# Samsung CXL-3175FN: Scan to Email setup



## dr_s_bos (Aug 10, 2008)

Hi,
just bought a Samsung CXL-3175 Color Laser Printer/Scanner/Fax, great device, works fine! The only problem I have is the setup of the scan to email function: entered all the user data for my pop3/smtp email account but still keep getting error messages (SMTP error).

The manual says exactly nothing about this, therefore my question: has anybody encountered a similar problem? And recommendations?

Thanks
Sascha


----------



## lally (Sep 10, 2008)

I have same problem i am using gmail settings, i called samsung tech he could not help. Is anyone figure it out how to setup smtp in the this 3175fn printer. recieve faxes by email.


----------



## jcoenen (Dec 18, 2008)

Hi, just got a 3170FN (same as the 3175 but in grey). I, also, wasn't successfull with either gmail or yahoo configuration. 
On the other hand, using a local mail server (without authentication) or my DSL service provider smtp server, it worked like a breeze. 
I also raised the question to Samsung but got the usual no-answer reply for the front desk (ie. non technical). 

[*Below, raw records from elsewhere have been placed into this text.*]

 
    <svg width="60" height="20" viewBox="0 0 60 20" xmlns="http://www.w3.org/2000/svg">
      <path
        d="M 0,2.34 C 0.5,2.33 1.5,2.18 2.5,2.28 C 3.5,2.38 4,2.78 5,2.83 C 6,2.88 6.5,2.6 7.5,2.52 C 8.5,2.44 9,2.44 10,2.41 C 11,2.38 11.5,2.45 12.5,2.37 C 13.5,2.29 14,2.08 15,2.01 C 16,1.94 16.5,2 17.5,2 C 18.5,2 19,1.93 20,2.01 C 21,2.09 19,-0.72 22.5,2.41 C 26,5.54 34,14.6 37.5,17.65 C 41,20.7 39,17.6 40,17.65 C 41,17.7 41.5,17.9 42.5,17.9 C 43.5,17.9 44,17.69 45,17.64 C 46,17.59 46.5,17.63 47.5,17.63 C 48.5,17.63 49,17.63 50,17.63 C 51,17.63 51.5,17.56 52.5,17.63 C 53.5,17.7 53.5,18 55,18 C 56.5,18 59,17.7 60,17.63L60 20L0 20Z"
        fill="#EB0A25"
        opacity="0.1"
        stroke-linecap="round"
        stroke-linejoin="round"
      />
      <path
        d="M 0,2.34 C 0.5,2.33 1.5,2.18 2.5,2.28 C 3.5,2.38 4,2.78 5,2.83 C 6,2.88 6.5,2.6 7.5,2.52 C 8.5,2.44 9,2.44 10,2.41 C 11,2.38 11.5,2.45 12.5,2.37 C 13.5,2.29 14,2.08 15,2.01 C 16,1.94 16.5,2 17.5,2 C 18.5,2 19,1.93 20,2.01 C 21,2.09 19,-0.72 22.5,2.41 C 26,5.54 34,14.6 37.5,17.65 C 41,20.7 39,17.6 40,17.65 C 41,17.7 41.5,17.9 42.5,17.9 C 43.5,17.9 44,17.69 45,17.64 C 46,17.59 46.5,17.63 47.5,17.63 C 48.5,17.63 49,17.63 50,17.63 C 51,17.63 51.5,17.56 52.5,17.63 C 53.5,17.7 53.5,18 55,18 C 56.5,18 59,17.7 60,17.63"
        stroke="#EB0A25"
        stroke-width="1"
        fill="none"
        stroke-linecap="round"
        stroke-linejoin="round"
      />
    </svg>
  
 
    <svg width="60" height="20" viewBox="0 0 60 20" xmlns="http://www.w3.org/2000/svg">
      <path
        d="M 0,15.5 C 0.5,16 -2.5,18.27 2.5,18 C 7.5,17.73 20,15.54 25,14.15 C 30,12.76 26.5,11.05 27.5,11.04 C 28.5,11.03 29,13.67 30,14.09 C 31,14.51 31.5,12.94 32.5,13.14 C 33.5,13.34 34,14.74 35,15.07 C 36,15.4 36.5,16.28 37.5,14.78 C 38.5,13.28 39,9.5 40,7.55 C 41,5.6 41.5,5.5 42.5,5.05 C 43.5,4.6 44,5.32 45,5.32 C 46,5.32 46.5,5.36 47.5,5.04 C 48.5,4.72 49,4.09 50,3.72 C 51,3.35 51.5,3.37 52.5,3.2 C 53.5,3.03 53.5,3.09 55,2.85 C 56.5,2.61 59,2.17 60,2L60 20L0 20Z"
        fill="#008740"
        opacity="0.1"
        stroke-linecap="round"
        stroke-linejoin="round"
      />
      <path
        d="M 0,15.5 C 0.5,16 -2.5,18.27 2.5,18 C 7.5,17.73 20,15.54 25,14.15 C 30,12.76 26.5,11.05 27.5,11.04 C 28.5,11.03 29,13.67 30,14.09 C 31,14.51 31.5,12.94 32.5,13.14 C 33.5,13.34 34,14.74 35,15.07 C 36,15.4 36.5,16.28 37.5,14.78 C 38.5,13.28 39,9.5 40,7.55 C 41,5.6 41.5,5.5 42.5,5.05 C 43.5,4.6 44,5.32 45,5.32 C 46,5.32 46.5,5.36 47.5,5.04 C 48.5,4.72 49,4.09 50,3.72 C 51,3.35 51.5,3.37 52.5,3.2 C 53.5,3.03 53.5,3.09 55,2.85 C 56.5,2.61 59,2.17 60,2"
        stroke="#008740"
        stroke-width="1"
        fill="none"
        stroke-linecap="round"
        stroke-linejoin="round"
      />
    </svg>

Now, the difference between gmail/yahoo and my ISP server being at the connection layer level, I suspect that the SMTP agent in the printer does not cope with SSL/TLS required by google and yahoo.

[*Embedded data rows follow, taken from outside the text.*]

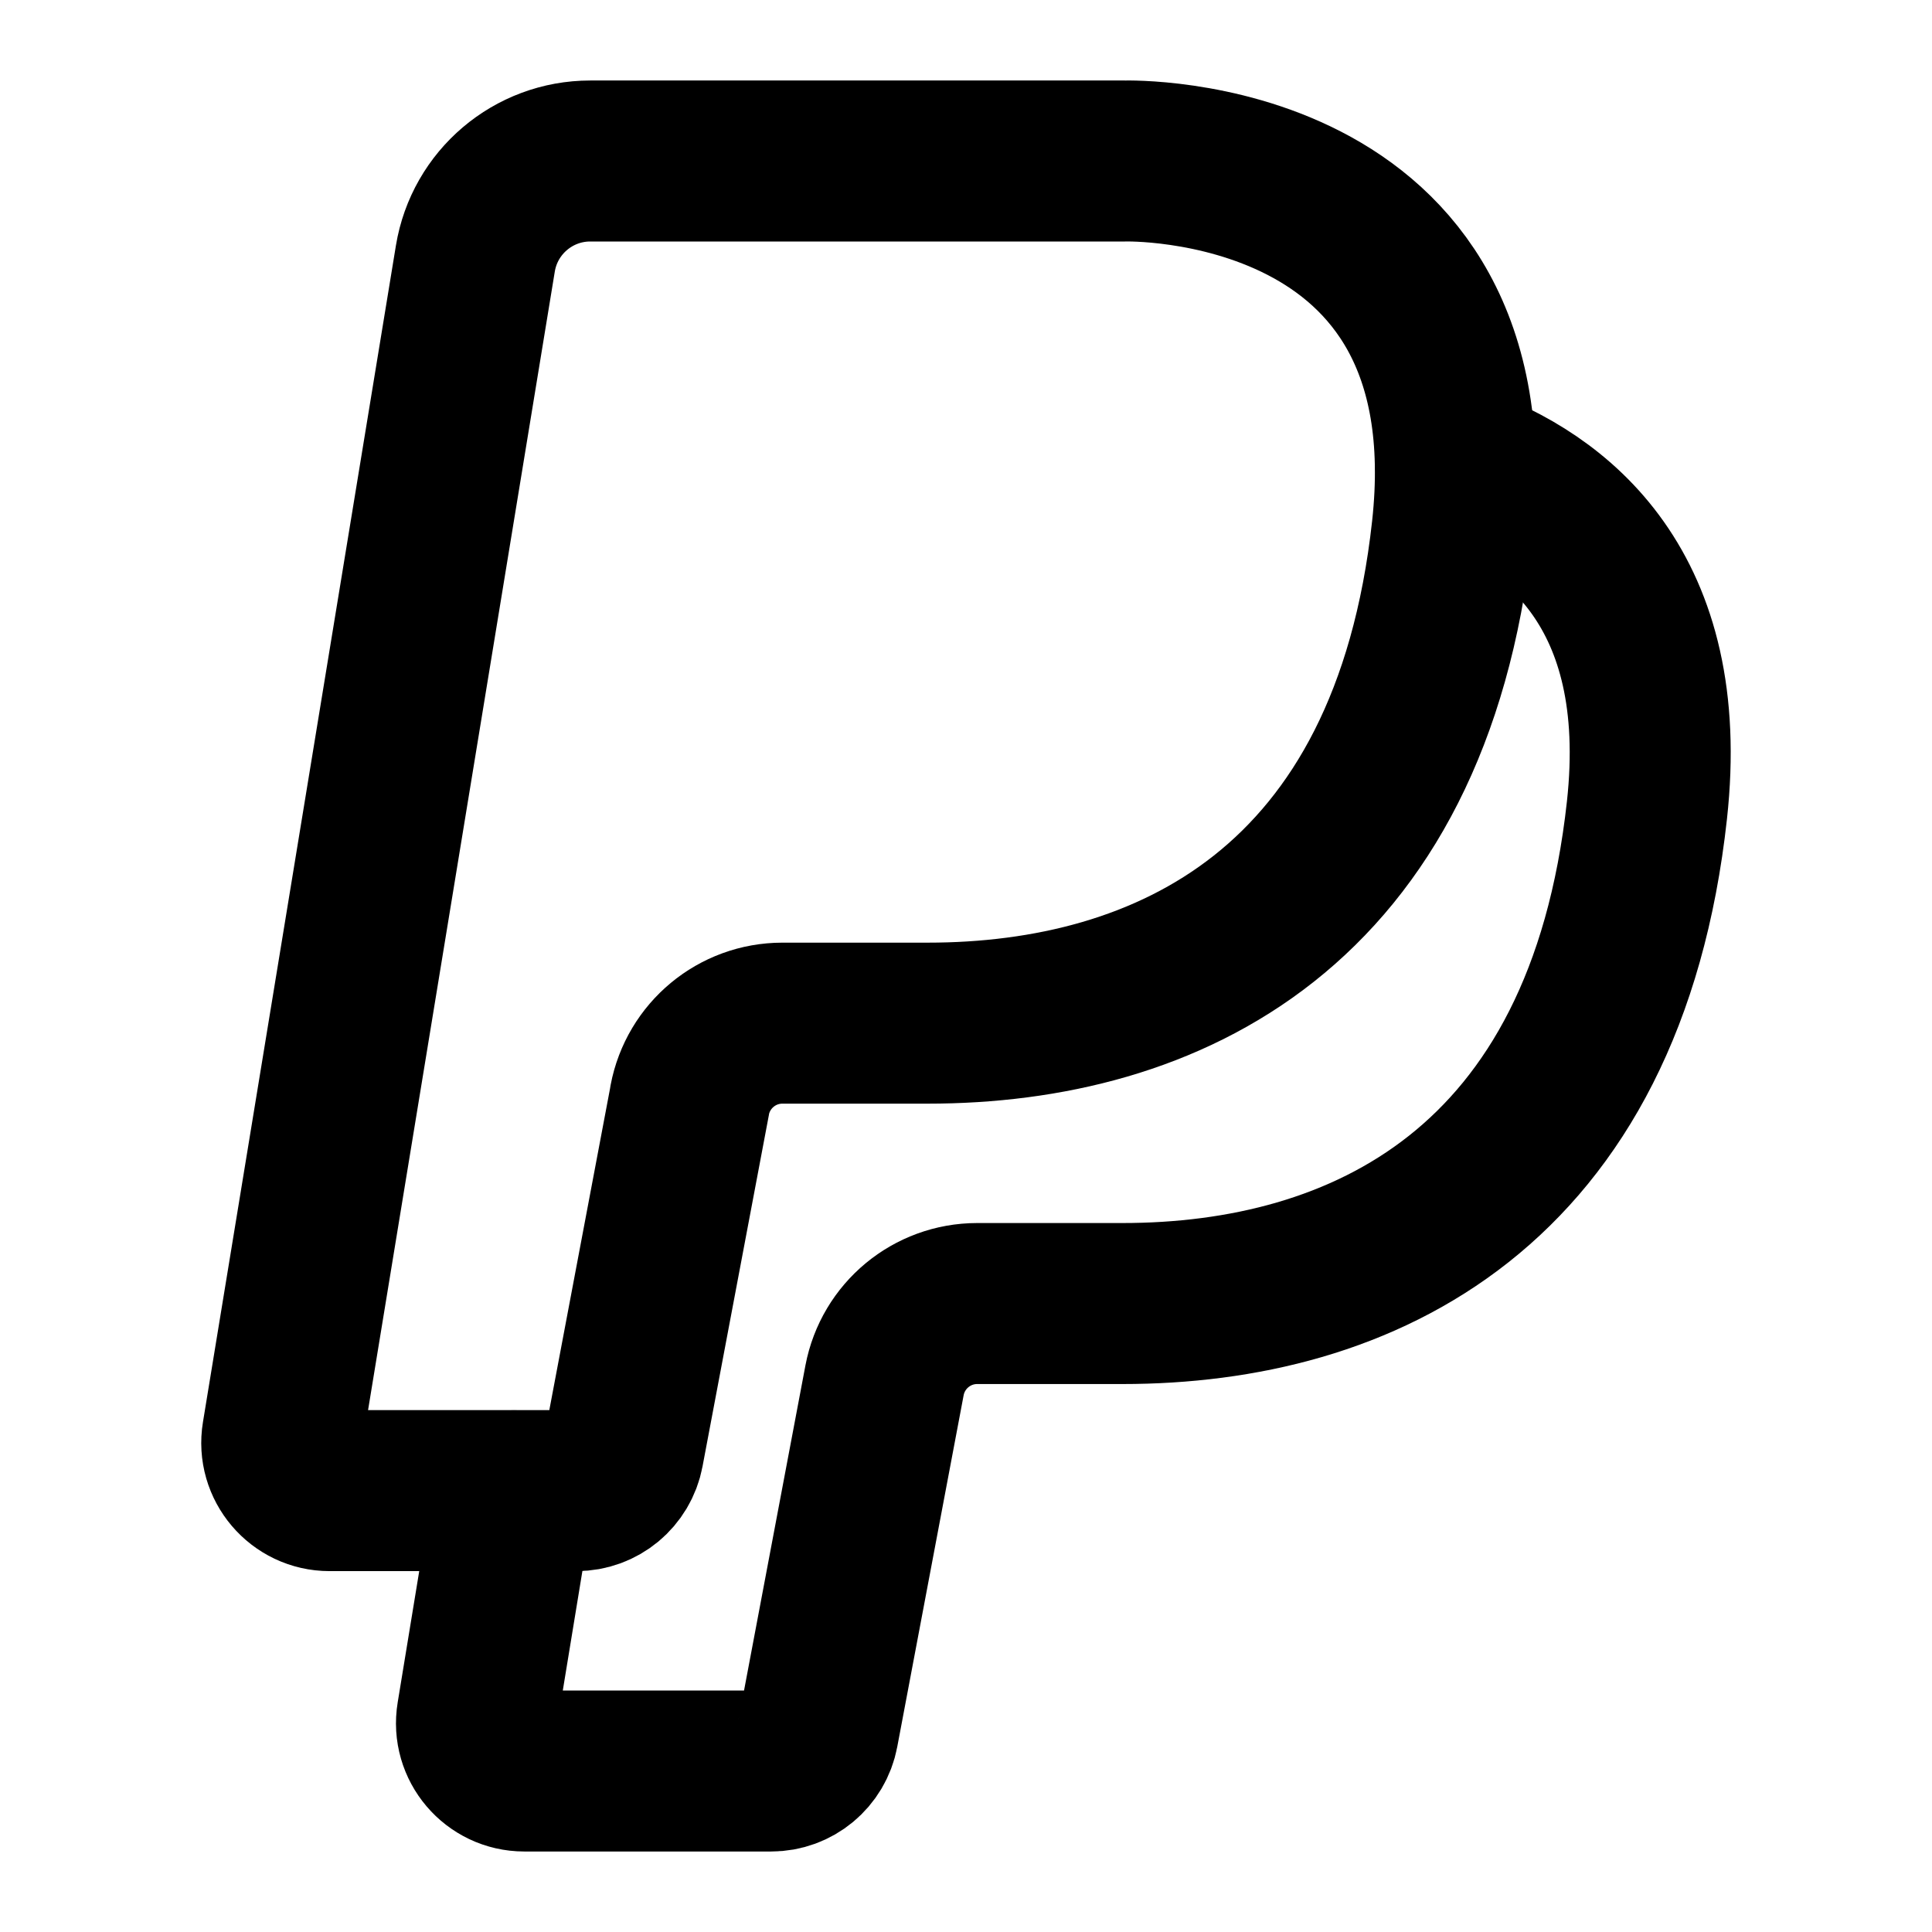<?xml version="1.0" encoding="UTF-8"?>
<svg id="Layer_1" xmlns="http://www.w3.org/2000/svg" viewBox="0 0 24 24">
  <defs>
    <style>
      .cls-1 {
        fill: none;
        stroke: #000;
        stroke-linecap: round;
        stroke-linejoin: round;
        stroke-width: 2px;
      }
    </style>
  </defs>
  <path class="cls-1" d="M8.569,13.664l-.825,4.369c-.053.281-.298.484-.584.484h-3.066c-.366,0-.646-.329-.586-.69L5.905,3.212c.115-.699.719-1.212,1.427-1.212h6.643s4.581-.129,4.064,4.581-3.548,6.129-6.516,6.129h-1.804c-.563,0-1.046.401-1.151.954Z"/>
  <path class="cls-1" d="M18.083,5.777c1.246.441,2.677,1.542,2.376,4.287-.516,4.71-3.548,6.129-6.516,6.129h-1.804c-.563,0-1.046.401-1.151.954l-.825,4.369c-.053.281-.298.484-.584.484h-3.066c-.366,0-.646-.329-.586-.69l.458-2.791"/>
</svg>

The same thing happen with my modem/router (AVM fritzbox), but the maker has a released a new firmware to correct this (beta for now). Should this be the reason, we can only hope that Samsung will provide a new firmware in the future compatible with these mail providers. 

Obviously, these printers being aimed at home user or small businesses, customers which normally relies on such mail provider (vs own mail servers), use of google/yahoo server is therefore a must.

Regards,

JP


----------